In 2007, Zuliani et al. reported a 65-year-old woman with Homer-3 antibodies presenting with subacute cerebellar ataxia. Although the patient received steroids, the cerebellar syndrome had not improved by the last follow-up (2). Guan et al. screened the serum and CSF samples of 750 patients with ‘idiopathic' cerebellar ataxia, and Homer-3 antibodies were detected in 6 patients. Interestingly, 2 patients had RBD, a hot cross bun sign, and dysautonomia, which may be considered diagnostic markers for multiple system atrophy of the cerebellar type (MSA-C) (3). Given that there is no effective treatment for MSA-C, immune-mediated cerebellar syndrome can be improved by immunotherapy (3). Homer-3 antibodies are even more rarer, and screening for antibodies in every patient with acute, subacute and insidious cerebellar syndrome is unrealistic.

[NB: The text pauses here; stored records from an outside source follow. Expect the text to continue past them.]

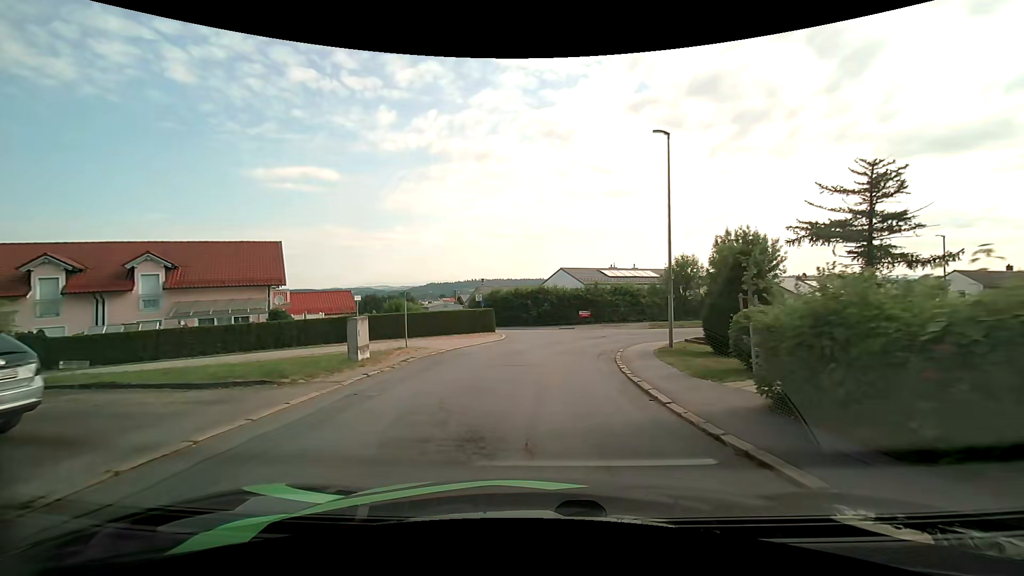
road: unclassified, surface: asphalt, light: Day
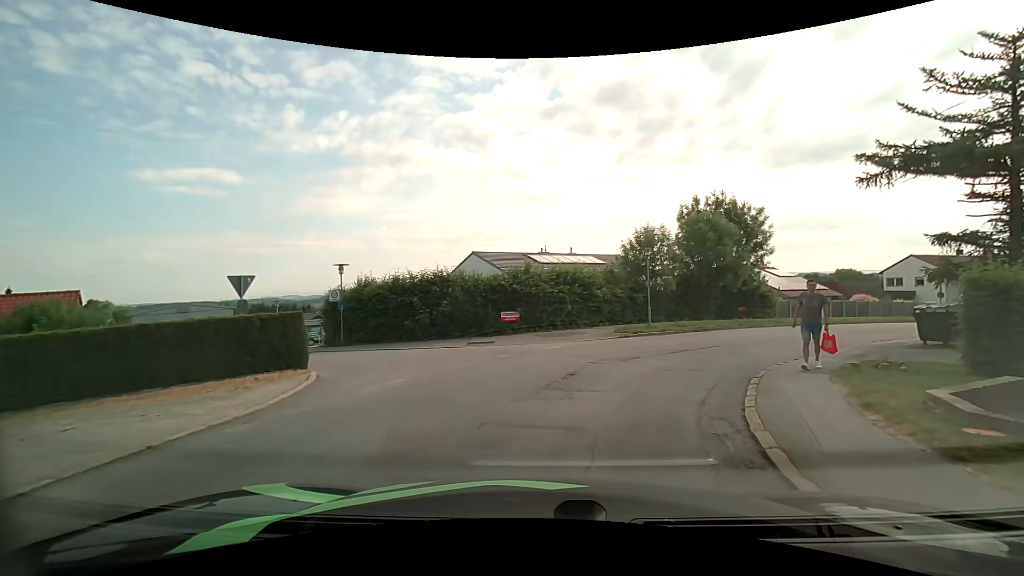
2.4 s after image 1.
(+1.2, +17.6) m; +10°
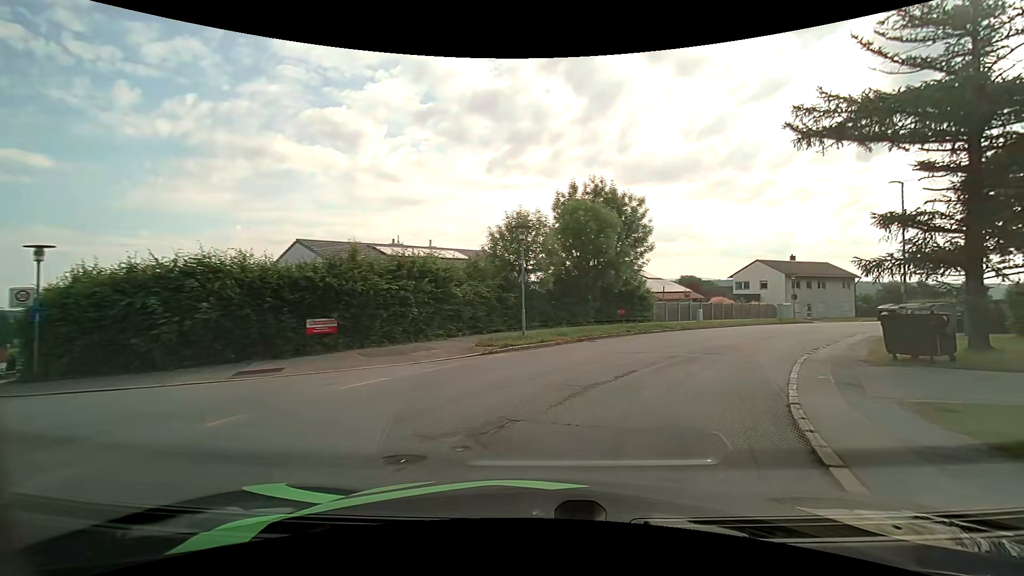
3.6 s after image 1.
(+1.0, +8.0) m; +15°
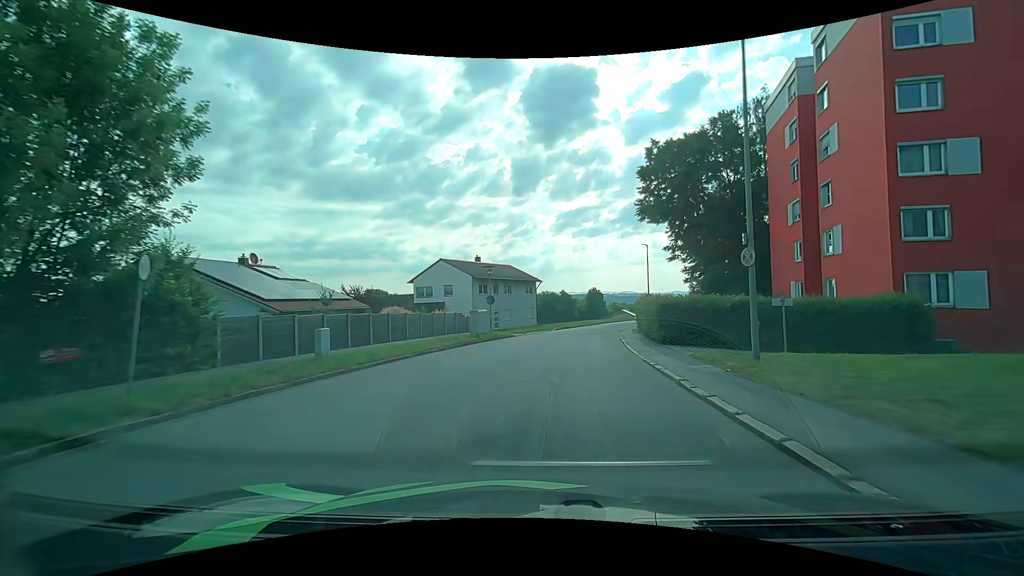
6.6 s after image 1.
(+7.7, +21.2) m; +34°
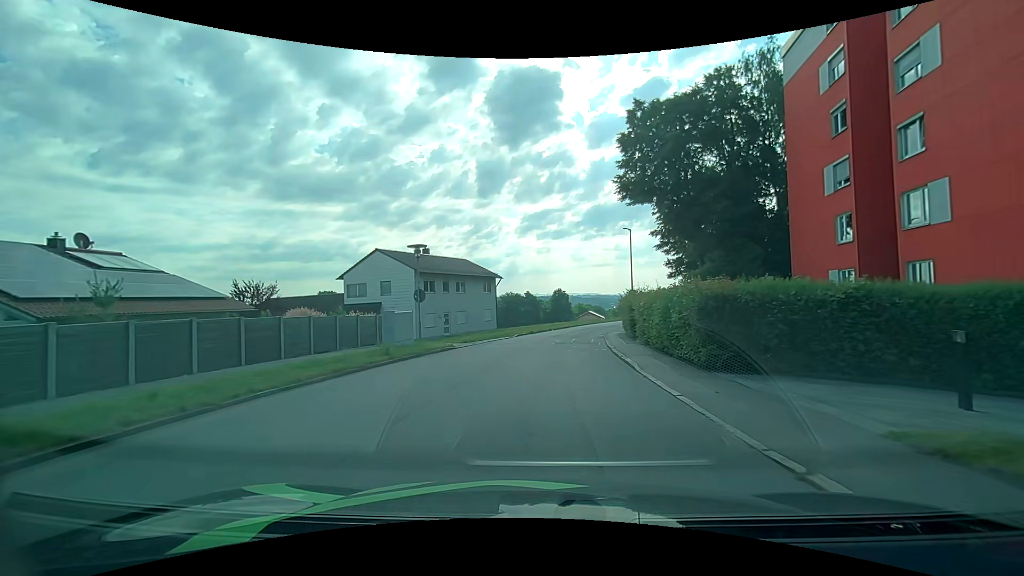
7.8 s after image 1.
(+0.4, +10.3) m; +4°
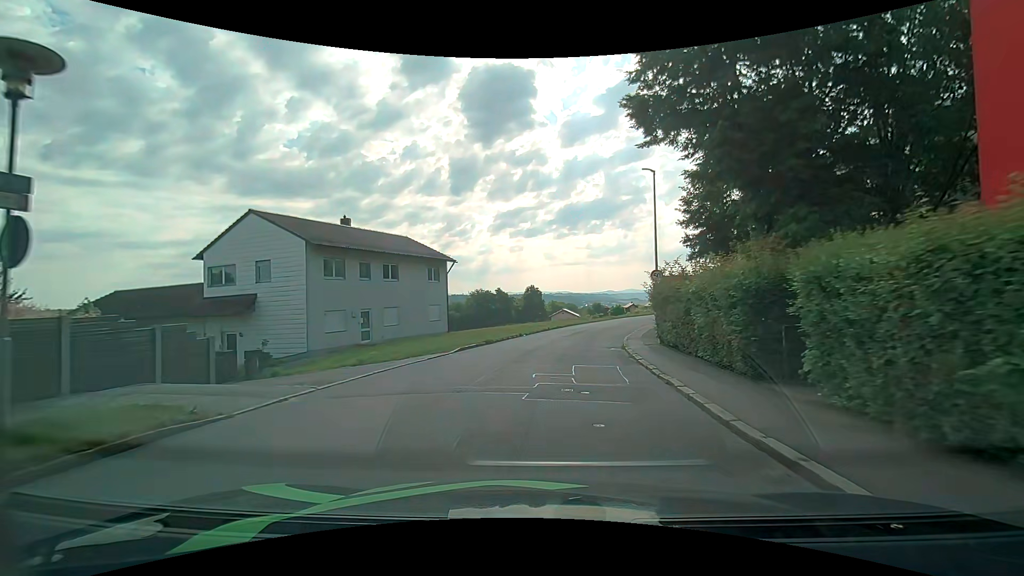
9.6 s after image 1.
(+0.4, +16.3) m; +4°
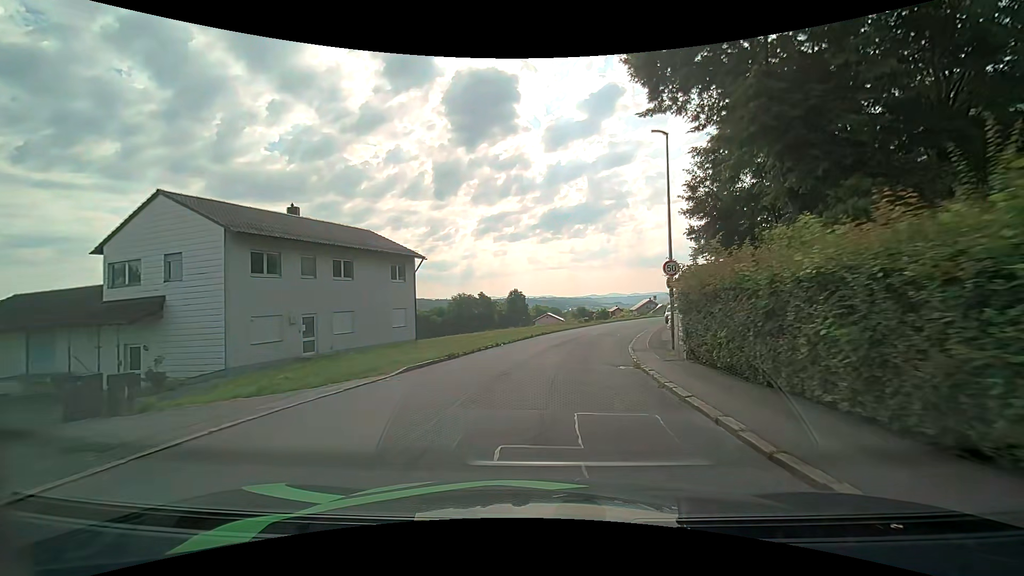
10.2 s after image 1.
(+0.1, +5.6) m; +2°
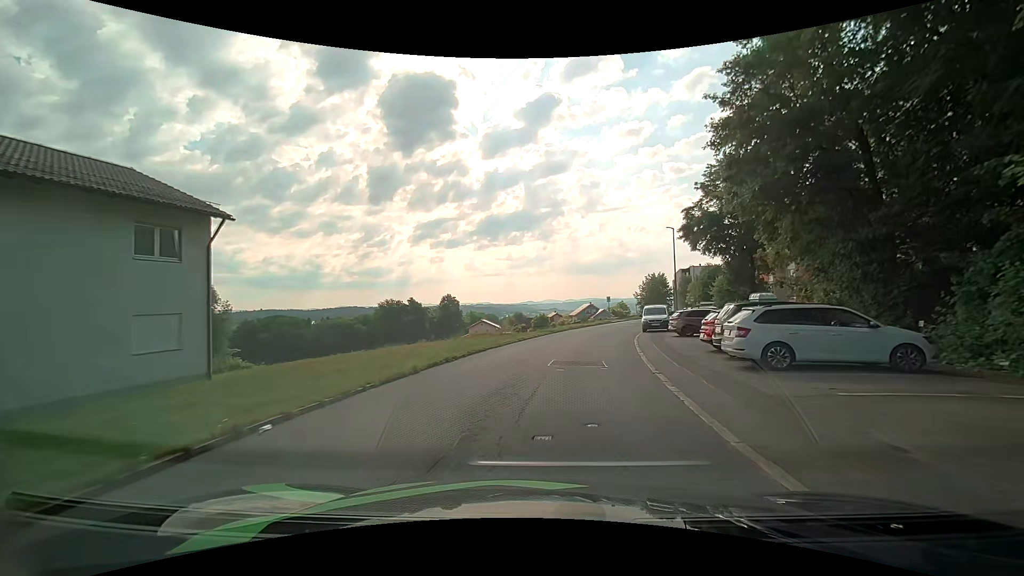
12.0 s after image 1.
(+0.8, +16.8) m; +6°
(0, +10) (+2, +20) (+3, +30) (+6, +39) (+9, +49) (+13, +58) (+16, +68) (+19, +77) (+23, +87) (+26, +96) m

An interesting symptom, “head socking uncontrollably from side to side (Supplementary Video 1 and Figure 1A),” was observed in this patient with Homer-3 antibodies, which might be a characteristic of cerebellar syndrome with Homer-3 antibodies, and was not reported in the previous studies (1–3). Seasonable immunotherapy can contribute to the improvement of cerebellar syndrome, and delayed treatment might lead to unfavorable outcomes in patients with cerebellar ataxia (3). Figure 1A was depicted by a female patient with anti-N-methyl-d-aspartate receptor encephalitis in our hospital (9). Immunotherapeutic treatment was not delayed, and the patient had no residual problems (9).
In summary, we report a rare patient with cerebellitis with Homer-3 antibodies who improved after immunotherapeutic treatment. The symptom “head shaking” might lead to cerebellar syndrome associated with Homer-3 antibodies.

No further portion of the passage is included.